Less than 1 minute Minutes

Macao’s gross domestic product (GDP) could drop by up to 29 per cent this year, according to the latest research by the University of Macau (UM).

The university’s annual forecast of Macao’s economy is conducted by a research team consisting of economists from the Department of Economics. The GDP forecast project is administered by the university’s Centre for Macao Studies.

The research team initially predicted in January that Macao’s economy would grow between 3.6 per cent and 37.9 per cent this year.

However, the team has revised its forecast on Macao’s GDP because the city was hard hit by the summer Covid-19 outbreak, and the government is still implementing extremely strict entry curbs for arrivals.

According to official figures, Macao’s GDP dropped 8.9 per cent and 39.3 per cent year-on-year in this year’s first quarter and second quarter respectively in real terms.

UM’s researchers said that Macao’s economy faced serious challenges in the first half of this year. During the first quarter, which saw a year-on-year GDP decrease of 8.9 per cent, the government “was forced to maintain stringent travel restrictions” due to different levels of Covid-19 outbreaks or local transmissions in neighbouring regions. During the second quarter, a massive Covid-19 outbreak around the middle of June resulted in a sharp decline in Macao’s second-quarter GDP, a year-on-year drop of 39.3 per cent.

From the middle of June to the end of July, the government carried out 14 rounds of citywide Covid-19 nucleic acid tests (NATs), and imposed “relatively static” restrictions on people’s movements and operations of businesses in July, which lasted 12 days.

The government’s stringent Covid-19 measures implemented during the summer outbreak restricted normal business life so the city’s economy continued to deteriorate.

Researchers said that when the team made its economic forecast early this year, it assumed that Macao would “gradually reopen its border” for arrivals this year, after considering the city’s increasing Covid-19 vaccination rate and other countries and regions’ experiences in gradually reopening their borders. The team assumed that in case Macao was hit by one or more Covid-19 outbreaks this year, the city’s GDP would remain at around the same level as last year in the worst-case scenario.
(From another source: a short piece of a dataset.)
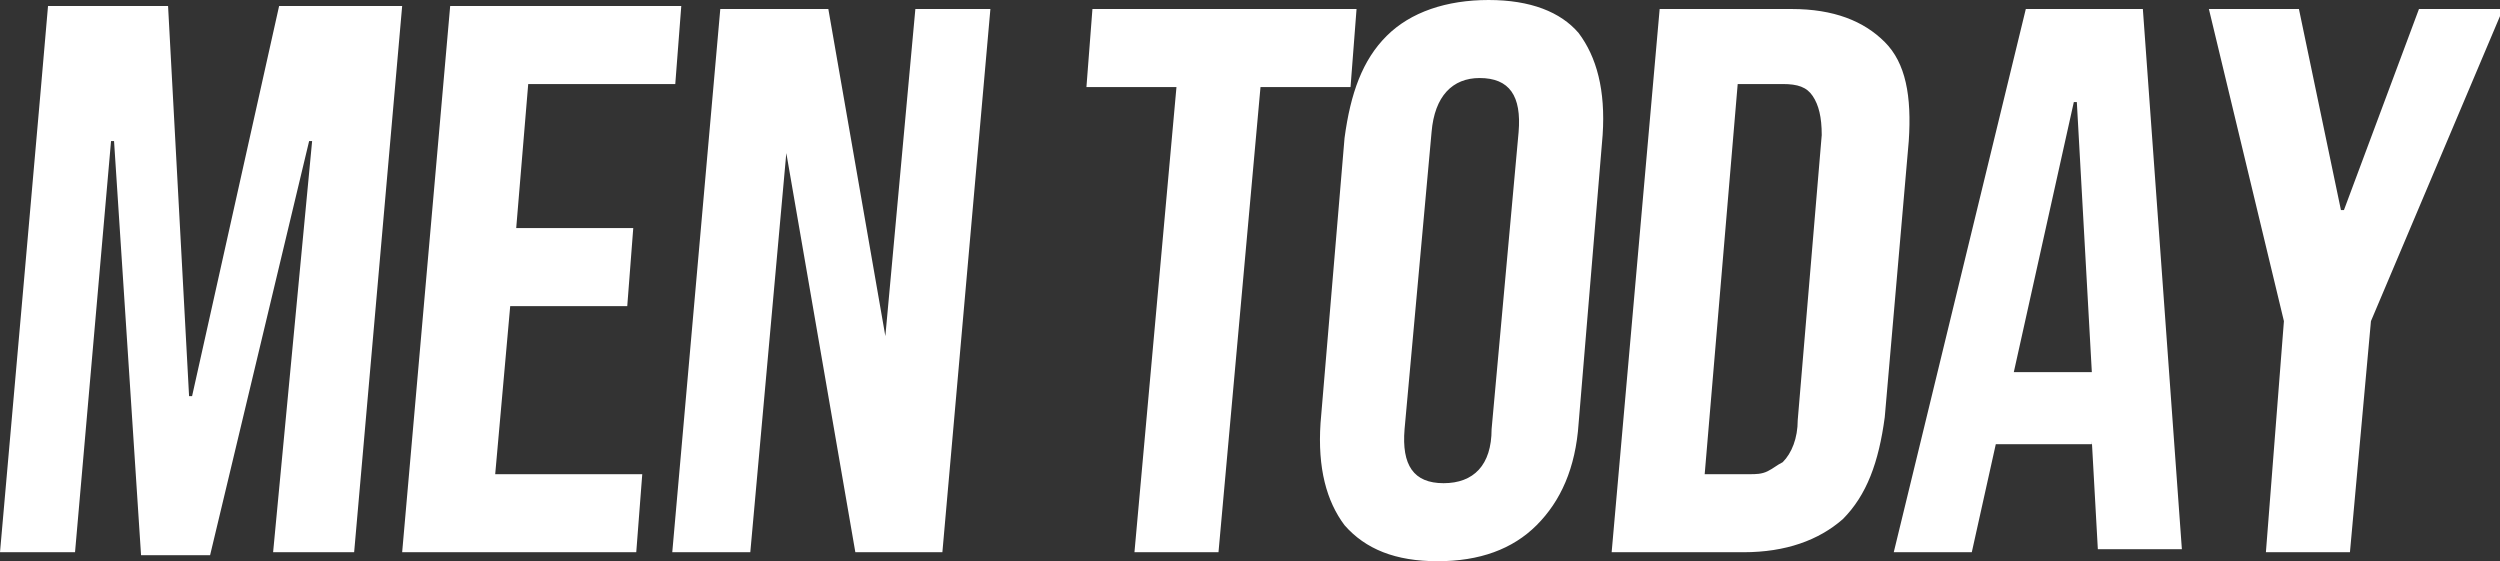 <?xml version="1.0" encoding="UTF-8"?> <!-- Generator: Adobe Illustrator 27.8.1, SVG Export Plug-In . SVG Version: 6.00 Build 0) --> <svg xmlns="http://www.w3.org/2000/svg" xmlns:xlink="http://www.w3.org/1999/xlink" id="_Слой_1" x="0px" y="0px" viewBox="0 0 83.3 18.7" style="enable-background:new 0 0 83.3 18.7;" xml:space="preserve"><rect x="0" y="0" width="83.3" height="18.7" fill="#333333" stroke="none"/> <style type="text/css"> .st0{fill:#FFFFFF;} </style> <path class="st0" d="M75.5,18.4h2.8l0.7-7.7l4.4-10.4h-2.8l-2.5,6.7H78l-1.4-6.7h-3l2.5,10.4L75.5,18.4L75.5,18.4z M67.1,12.4l2-9 h0.1l0.5,9H67.1z M63.1,18.4h2.6l0.8-3.6h3.2v-0.1l0.2,3.6h2.8L71.4,0.3h-3.9L63.1,18.4L63.1,18.4z M56.8,15.8l1.1-13h1.5 c0.5,0,0.8,0.1,1,0.4s0.3,0.7,0.3,1.3l-0.8,9.5c0,0.6-0.2,1.1-0.5,1.4c-0.2,0.1-0.3,0.2-0.5,0.3s-0.4,0.1-0.6,0.1L56.8,15.8 L56.8,15.8z M53.7,18.4h4.4c1.4,0,2.5-0.4,3.3-1.1c0.8-0.8,1.2-1.9,1.4-3.4l0.8-9.2c0.1-1.5-0.1-2.6-0.8-3.3s-1.7-1.1-3.1-1.1h-4.4 L53.7,18.4L53.7,18.4z M48.1,16.1c-1,0-1.4-0.6-1.3-1.8l0.9-9.9c0.1-1.2,0.7-1.8,1.6-1.8c1,0,1.4,0.6,1.3,1.8l-0.9,9.9 C49.7,15.5,49.1,16.1,48.1,16.1z M47.9,18.7c1.4,0,2.5-0.4,3.3-1.2c0.8-0.8,1.3-1.9,1.4-3.4l0.8-9.6c0.1-1.5-0.2-2.6-0.8-3.4 C52,0.4,51,0,49.6,0S47,0.4,46.2,1.2C45.4,2,45,3.1,44.8,4.6L44,14.1c-0.1,1.5,0.2,2.6,0.8,3.4C45.5,18.3,46.5,18.7,47.9,18.7z M37.8,18.4h2.8L42,2.9h3l0.2-2.6h-8.8l-0.2,2.6h3L37.8,18.4L37.8,18.4z M22.4,18.4H25l1.2-13.3h0l2.3,13.3h2.9L33,0.3h-2.5l-1,10.9 h0L27.6,0.3H24C24,0.3,22.4,18.4,22.4,18.4z M13.4,18.4h7.8l0.2-2.6h-4.9l0.5-5.6h3.9l0.2-2.6h-3.9l0.4-4.8h4.9l0.2-2.6H15 L13.4,18.4L13.4,18.4z M0,18.4h2.5L3.7,4.7h0.1l0.9,13.8H7l3.3-13.8h0.1L9.1,18.4h2.7l1.6-18.2H9.3l-2.9,13H6.3l-0.7-13H1.6 C1.6,0.3,0,18.4,0,18.4z"></path> </svg>

Due to the highly transmissible Omicron variant, the government has continued to implement strict Covid-19 measures, obviously stricter than the assumptions made by the research team early this year.

The research team noted that Macao is a tourist destination, adding that if the government maintains “excessively stringent travel restrictions”, it would be difficult for tourists to “enjoy the services provided by enterprises and workers” here. As a result, it would be difficult for Macao’s economy to continue to develop normally without sufficient tourism revenues.
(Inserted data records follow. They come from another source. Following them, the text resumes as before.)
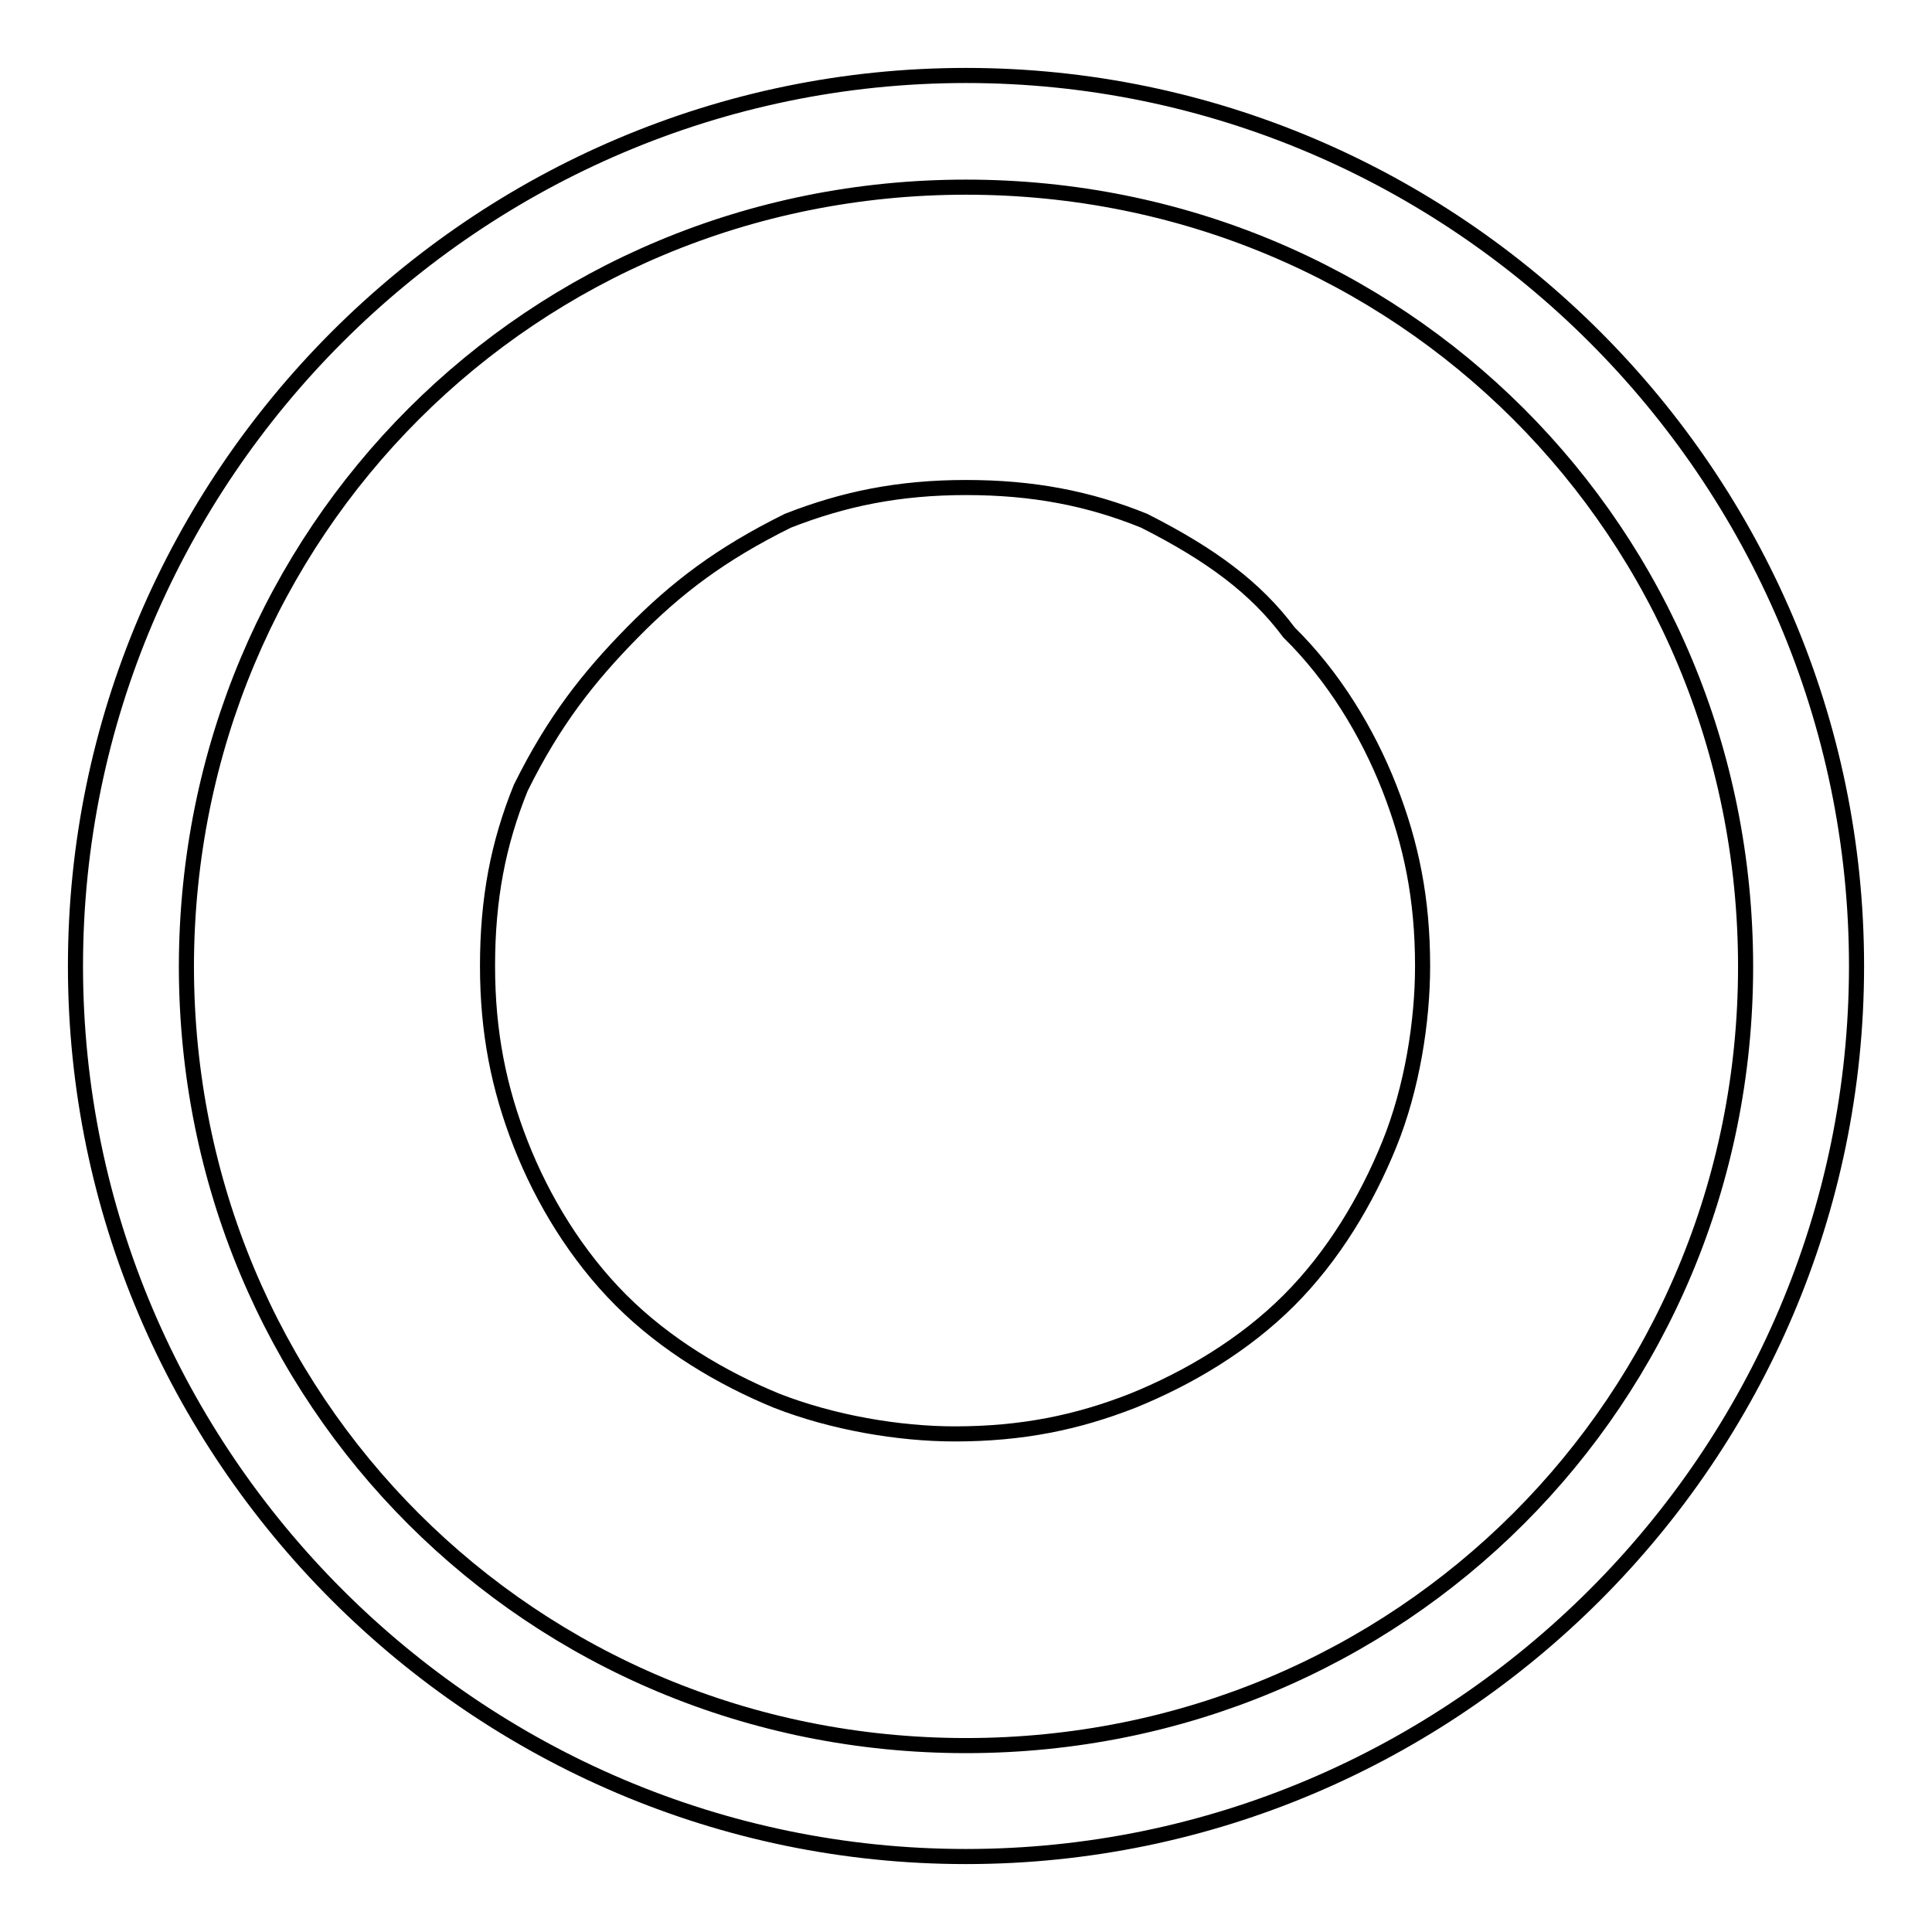 <?xml version="1.0" encoding="utf-8"?>
<!-- Svg Vector Icons : http://www.onlinewebfonts.com/icon -->
<!DOCTYPE svg PUBLIC "-//W3C//DTD SVG 1.1//EN" "http://www.w3.org/Graphics/SVG/1.1/DTD/svg11.dtd">
<svg version="1.1" xmlns="http://www.w3.org/2000/svg" xmlns:xlink="http://www.w3.org/1999/xlink" x="0px" y="0px" viewBox="0 0 256 256" enable-background="new 0 0 256 256" xml:space="preserve">
<g> <path stroke-width="2" fill-opacity="0" stroke="#000000"  d="M128,10C63.1,10,10,63.1,10,128c0,64.9,53.1,118,118,118c64.9,0,118-53.1,118-118C246,63.1,192.9,10,128,10 L128,10z M128,231.3c-57.5,0-103.3-45.7-103.3-103.3C24.8,70.5,70.5,24.8,128,24.8c57.5,0,103.3,45.7,103.3,103.3 C231.3,185.5,185.5,231.3,128,231.3L128,231.3z M64.6,128c0,8.8,1.5,16.2,4.4,23.6s7.4,14.8,13.3,20.7s13.3,10.3,20.6,13.3 c7.4,2.9,16.2,4.4,23.6,4.4c8.9,0,16.2-1.5,23.6-4.4c7.4-3,14.8-7.4,20.7-13.3c5.9-5.9,10.3-13.3,13.3-20.7s4.4-16.2,4.4-23.6 c0-8.9-1.5-16.2-4.4-23.6s-7.4-14.8-13.3-20.6c-4.4-5.9-10.3-10.3-19.2-14.8c-7.4-3-14.8-4.4-23.6-4.4c-8.9,0-16.2,1.5-23.6,4.4 c-8.9,4.4-14.8,8.9-20.6,14.8S73.4,95.5,69,104.4C66,111.8,64.6,119.1,64.6,128L64.6,128z"/></g>
</svg>

The researchers said that the government’s various financial support measures that have been rolled out since the start of the Covid-19 pandemic in early 2020 have only been able to relieve residents’ and businesses’ financial difficulties in the short term and in a limited way, adding that such financial support measures “cannot replace” businesses’ revenues and residents’ incomes generated through normal market operations.

The researchers concluded that due to the current “constraints” that Macao is facing, including how to come up with a suitable set of Covid-19 prevention and control measures, society cannot see clear prospects for continued economic recovery, and “effective” economic recovery may be “a long way off”, The Macau Post Daily reported.